Penghargaan, kata dia, akan diberikan kepada personel yang menunjukkan prestasi, loyalitas, disiplin, serta dedikasi tinggi dalam pelaksanaan tugas.
Sebaliknya, Kapolda memastikan sanksi tegas akan dijatuhkan kepada anggota yang terbukti melakukan pelanggaran disiplin, kode etik, maupun tindak pidana tanpa pengecualian.
“Reward akan diberikan kepada personel yang berprestasi, loyal, disiplin, dan memiliki dedikasi tinggi.
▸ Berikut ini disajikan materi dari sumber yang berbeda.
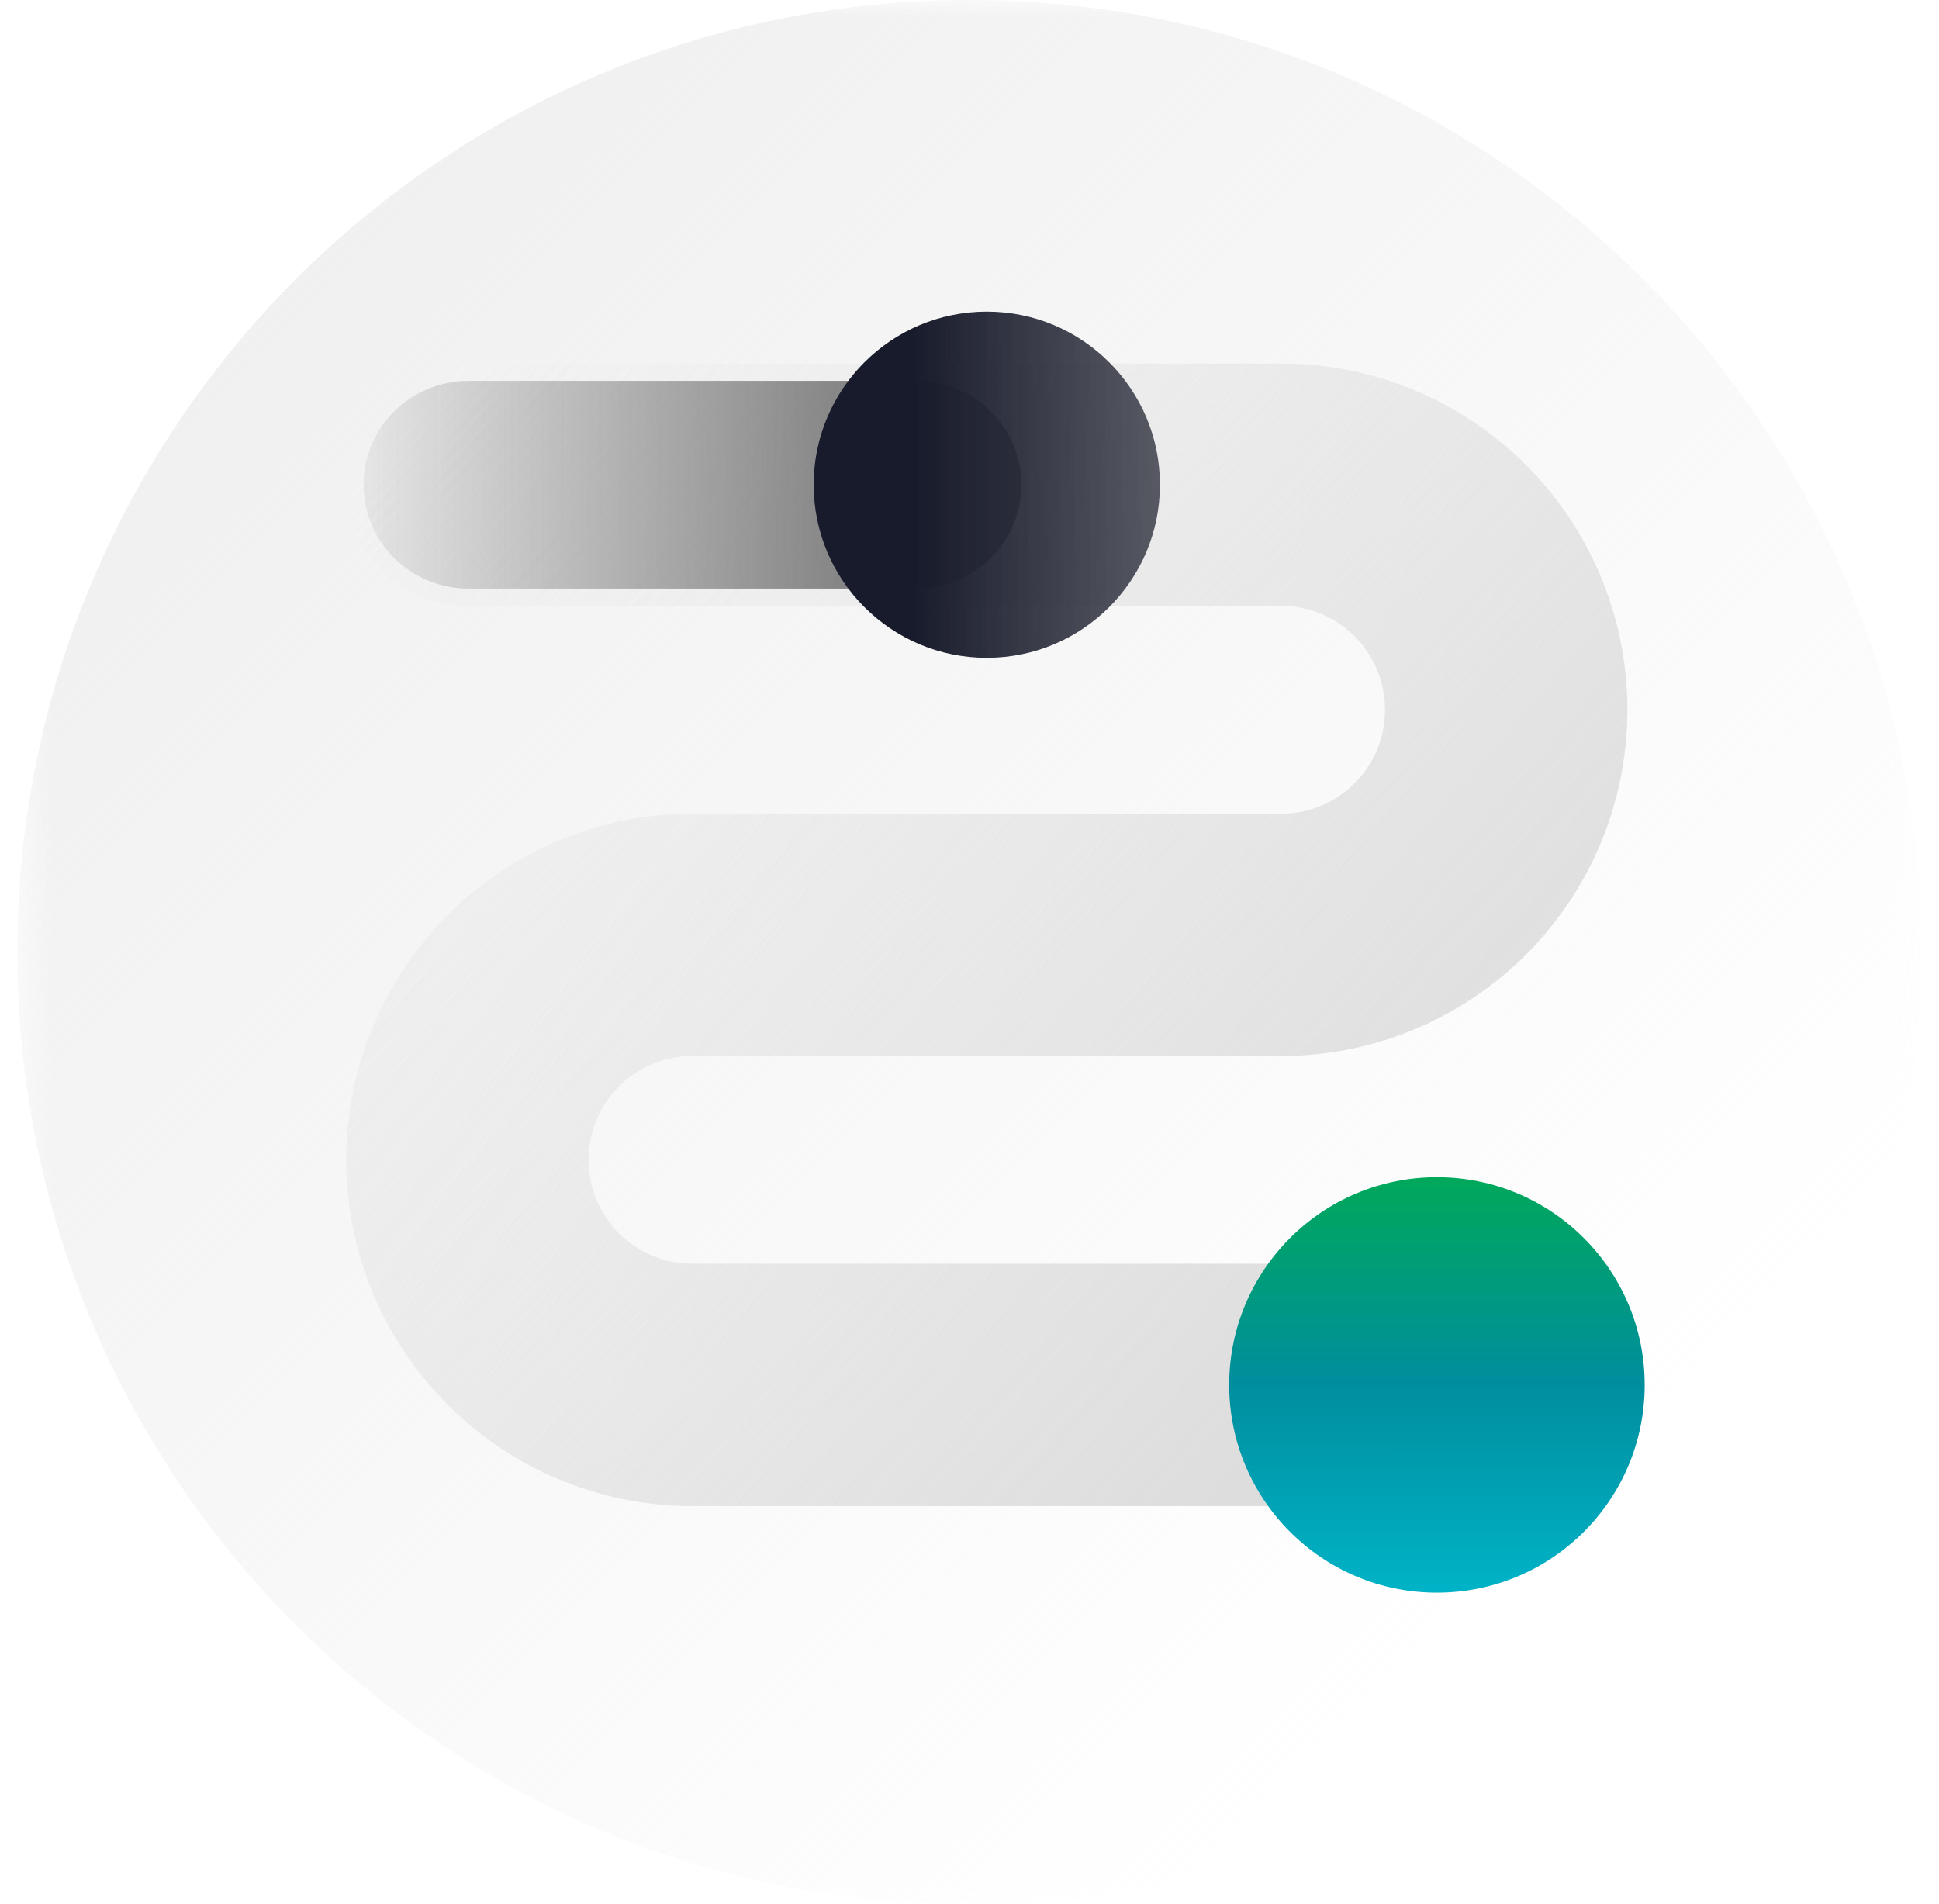<svg width="56" height="55" viewBox="0 0 56 55" fill="none" xmlns="http://www.w3.org/2000/svg">
<mask id="mask0_1196_3632" style="mask-type:luminance" maskUnits="userSpaceOnUse" x="0" y="0" width="56" height="55">
<path d="M55.5 0H0.5V55H55.5V0Z" fill="white"/>
</mask>
<g mask="url(#mask0_1196_3632)">
<path d="M55.5 27.5C55.5 12.312 43.188 0 28 0C12.812 0 0.5 12.312 0.5 27.5C0.5 42.688 12.812 55 28 55C43.188 55 55.5 42.688 55.5 27.5Z" fill="url(#paint0_linear_1196_3632)"/>
<path d="M13.5 14H37C40.59 14 43.5 16.91 43.5 20.5C43.5 24.09 40.59 27 37 27H20C16.41 27 13.5 29.91 13.5 33.5C13.5 37.09 16.41 40 20 40H43.5" stroke="url(#paint1_linear_1196_3632)" stroke-width="7" stroke-linecap="round" stroke-linejoin="round"/>
<path d="M12.5 40H43.5" stroke="url(#paint2_linear_1196_3632)" stroke-width="7" stroke-linecap="round" stroke-linejoin="round"/>
<path fill-rule="evenodd" clip-rule="evenodd" d="M10.5 14C10.5 12.343 11.858 11 13.533 11H26.467C28.142 11 29.5 12.343 29.5 14C29.5 15.657 28.142 17 26.467 17H13.533C11.858 17 10.5 15.657 10.5 14Z" fill="url(#paint3_linear_1196_3632)"/>
<path d="M28.5 9C25.739 9 23.5 11.239 23.5 14C23.5 16.761 25.739 19 28.5 19C31.261 19 33.5 16.761 33.5 14C33.5 11.239 31.261 9 28.5 9Z" fill="url(#paint4_linear_1196_3632)"/>
<path d="M41.5 34C38.186 34 35.5 36.686 35.5 40C35.5 43.314 38.186 46 41.5 46C44.814 46 47.5 43.314 47.5 40C47.5 36.686 44.814 34 41.5 34Z" fill="url(#paint5_linear_1196_3632)"/>
</g>
<defs>
<linearGradient id="paint0_linear_1196_3632" x1="-18.5" y1="-12" x2="41.5" y2="48" gradientUnits="userSpaceOnUse">
<stop stop-color="#E7E7E7"/>
<stop offset="1" stop-color="#E7E7E7" stop-opacity="0"/>
</linearGradient>
<linearGradient id="paint1_linear_1196_3632" x1="41" y1="37" x2="12" y2="12" gradientUnits="userSpaceOnUse">
<stop stop-color="#DDDDDD"/>
<stop offset="1" stop-color="#DDDDDD" stop-opacity="0"/>
</linearGradient>
<linearGradient id="paint2_linear_1196_3632" x1="-nan" y1="-nan" x2="-nan" y2="-nan" gradientUnits="userSpaceOnUse">
<stop stop-color="#DDDDDD" stop-opacity="0"/>
<stop offset="1" stop-color="#42A6E3"/>
</linearGradient>
<linearGradient id="paint3_linear_1196_3632" x1="31.915" y1="14.177" x2="8.55" y2="14.177" gradientUnits="userSpaceOnUse">
<stop stop-color="#535353"/>
<stop offset="1" stop-color="#535353" stop-opacity="0"/>
</linearGradient>
<linearGradient id="paint4_linear_1196_3632" x1="26.312" y1="14.735" x2="58.857" y2="14.735" gradientUnits="userSpaceOnUse">
<stop stop-color="#181B2B"/>
<stop offset="1" stop-color="#999999" stop-opacity="0.15"/>
</linearGradient>
<linearGradient id="paint5_linear_1196_3632" x1="41.5" y1="46" x2="41.499" y2="34" gradientUnits="userSpaceOnUse">
<stop stop-color="#00B3C7"/>
<stop offset="0.502" stop-color="#008E9E"/>
<stop offset="1" stop-color="#00A85A"/>
</linearGradient>
</defs>
</svg>

Sebaliknya, punishment akan diberikan secara tegas kepada anggota yang melakukan pelanggaran disiplin, kode etik, maupun tindak pidana tanpa pandang bulu,” tegasnya lagi.
Ia menegaskan, institusi tidak akan memberikan toleransi terhadap berbagai bentuk pelanggaran, seperti penyalahgunaan narkoba, pungutan liar (pungli), desersi, pelanggaran asusila, hingga praktik jual beli senjata ilegal.
Di akhir arahannya, Arif mengajak seluruh jajaran untuk menjaga kebersihan lingkungan kerja, memperkuat budaya gotong royong, serta meningkatkan kedekatan Polri dengan masyarakat.
Menurutnya, Commander Wish harus menjadi pedoman bagi seluruh personel Polda Maluku Utara dalam mewujudkan Polri yang Presisi, yakni Prediktif, Responsibilitas, dan Transparansi Berkeadilan, serta semakin dicintai masyarakat.
Kepala Bidang Humas Polda Maluku Utara Kombes Pol Wahyu Istanto Bram, mengatakan momentum tersebut menjadi pengingat bagi seluruh personel untuk terus meningkatkan profesionalisme, menjaga soliditas internal, serta memperkuat sinergi dengan TNI, pemerintah daerah, dan tokoh masyarakat.
Ia menegaskan, pimpinan Polda Maluku Utara tidak akan memberikan toleransi terhadap segala bentuk pelanggaran yang dilakukan anggota.
“Arahan Kapolda sudah sangat jelas. Tidak ada toleransi terhadap narkoba, pungli, desersi, asusila, maupun jual beli senjata ilegal. Pengawasan internal akan diperketat dan sanksi tegas akan diberikan kepada siapa pun yang terbukti melanggar,” ujar Wahyu.
Adapun Commander Wish yang disampaikan Kapolda Maluku Utara meliputi enam poin utama, yakni:
- Meningkatkan keimanan dan ketakwaan kepada tuhan yang maha Esa sebagai landasan pengabdian kepada masyarakat, bangsa, dan negara.
- Mewujudkan personel Polda Maluku Utara yang profesional, modern, dan terpercaya dalam pelaksanaan tugas kepolisian.
- Menjaga soliditas internal Polri serta memperkuat sinergitas dengan TNI, pemerintah daerah, dan seluruh elemen masyarakat.
- Mengedepankan pelayanan publik yang humanis, cepat, transparan, dan bebas dari pungli serta penyalahgunaan wewenang.
- Menjaga situasi kamtibmas yang aman dan kondusif di wilayah Maluku Utara melalui pendekatan preventif dan problem solving.
- Menindak tegas segala bentuk pelanggaran hukum, korupsi, narkoba, perjudian, dan tindak pidana yang meresahkan masyarakat.